Wednesday, December 17, 2008

Gifts, X-mas and Otherwise

I spent yesterday looking for one of these for you-know-who for Christmas. It's time. She hasn't asked for one, probably because she doesn't spend any time in any toy stores (thank heavens) and therefore doesn't know that you can buy these. In her mind, they exist only at school. I think she's going to love it and for the first time in a long time, I'm excited about the holiday.

We're at that stage for the holidays where the kids have actual wants. They want things. Before, any toy would do, really. As long as you had to rip paper off of it beforehand, as long as it had been sitting under the tree taunting them with mystery, as long as it was a toy, they loved it. Now...

Now we're in a new world. Garret wants a certain electronic chip to go into the video game he got for his birthday. And guess what? They're sold out. And by they, I mean everybody. You ask for some specific DS game and the clerks at Best Buy and Toys 'R Us and Target just smirk at you. And I'm thinking: Yeah, I know. It's Christmas and I'm a middle aged lady who just crawled out from under a rock. Must there be disdain? Can't there be a shred of sympathy?

I don't quite know what I'm going to do.

I wasn't alone. Many, many women like me, and some older, were on cell phones shouting at some other party on the other end, shouting out game titles and waiting hopefully for some sort of affirmation that this would be okay. I have no idea who might have been on the other end of these calls. People my age and older were running up and down the aisles in the middle of a work day, grabbing up every Wii game imaginable, and it's possible that some of these purchases weren't strictly for the kids. People seem to be holing up for the winter and the long economic winter ahead. Stay at home, they must be thinking, play video games. What else is there to do? The line at Best Buy was at least 40 people long. It's possible that Wii sales are what's propping up the economy right now.

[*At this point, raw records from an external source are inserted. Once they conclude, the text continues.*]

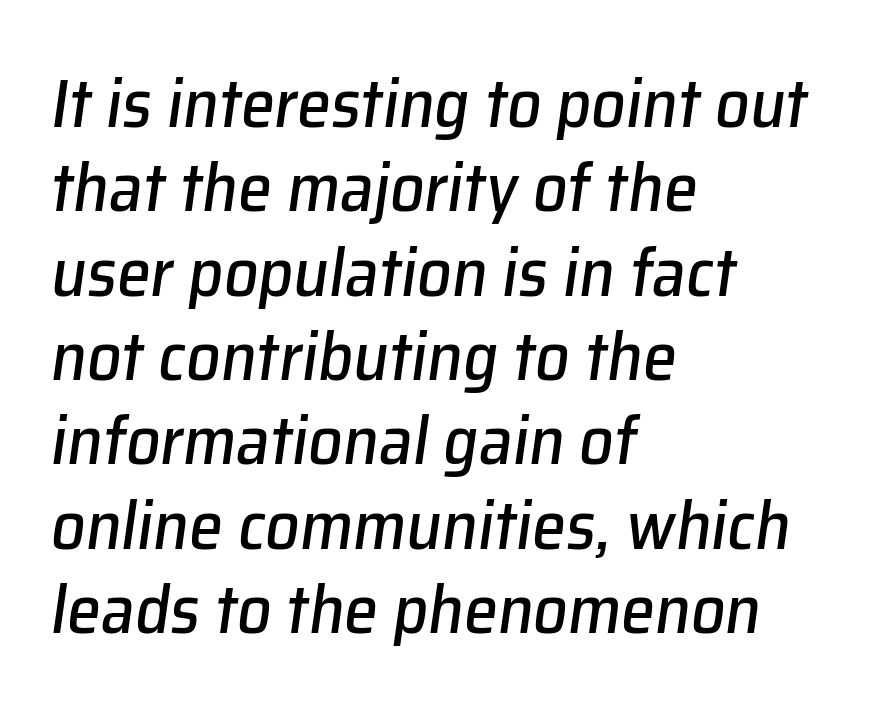
The image shows 68 px text type, italic (leaning right); set left-aligned, line spacing 1.24x, normal letter spacing, not underlined; low stroke contrast and a medium x-height.
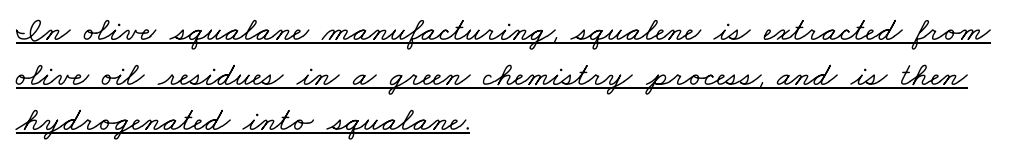
{"serif": "yes", "width": "wide", "stroke_contrast": "low", "x_height": "small", "monospaced": "no", "underline": "yes", "align": "left", "line_spacing": "normal", "line_spacing_ratio": 1.32, "letter_spacing": "normal", "letter_spacing_em": 0.0, "glyph_px": 34}
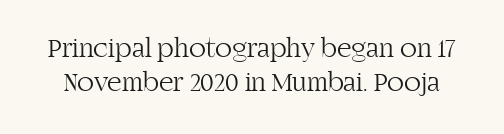
{"serif": "yes", "italic": "no", "bold": "no", "weight": "light", "width": "normal", "stroke_contrast": "high", "x_height": "large", "monospaced": "no", "underline": "no", "line_spacing_ratio": 1.22, "letter_spacing": "normal", "letter_spacing_em": 0.0, "glyph_px": 28}
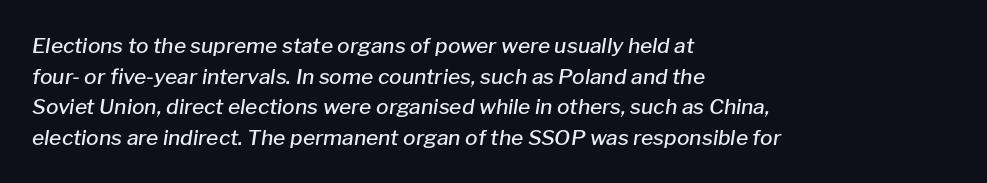
The image shows 21 px text type, italic (leaning right); set left-aligned, normal line spacing (1.46x), normal letter spacing, not underlined.
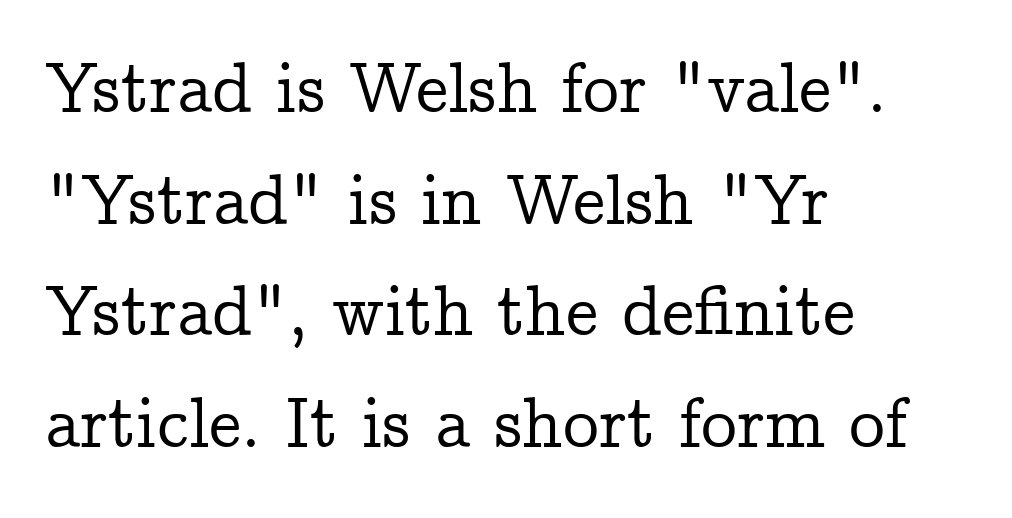
{"serif": "yes", "italic": "no", "width": "normal", "stroke_contrast": "low", "x_height": "medium", "monospaced": "no", "underline": "no", "align": "left", "line_spacing": "normal", "line_spacing_ratio": 1.55, "letter_spacing": "normal", "letter_spacing_em": 0.0, "glyph_px": 72}

I took enormous, if short-lived, satisfaction in walking empty-handed past that long line and out into the bracing December weather. I went home, wondering what to do about this gift thing, and found what at the front door? A different sort of gift. It was an overnight package tucked into the screen door. And yet it was a little miracle all its own. The editor had returned our manuscript with her edits and instructions to resubmit the edited manuscript as soon as possible, by mid-January. I had never printed out the pages before, so this was my first chance to look at it as a whole piece of writing. It came with the customary letter, saying that we done good, and then listing in bullet form the changes she's requesting. The copy edits so far are light, and the requested changes pretty doable. No major shuffling. We need to turn it around in a month, at which point most of the work on this will be done, at least from my standpoint. 

A year ago at this time, we didn't even have a book proposal. Now we have a book.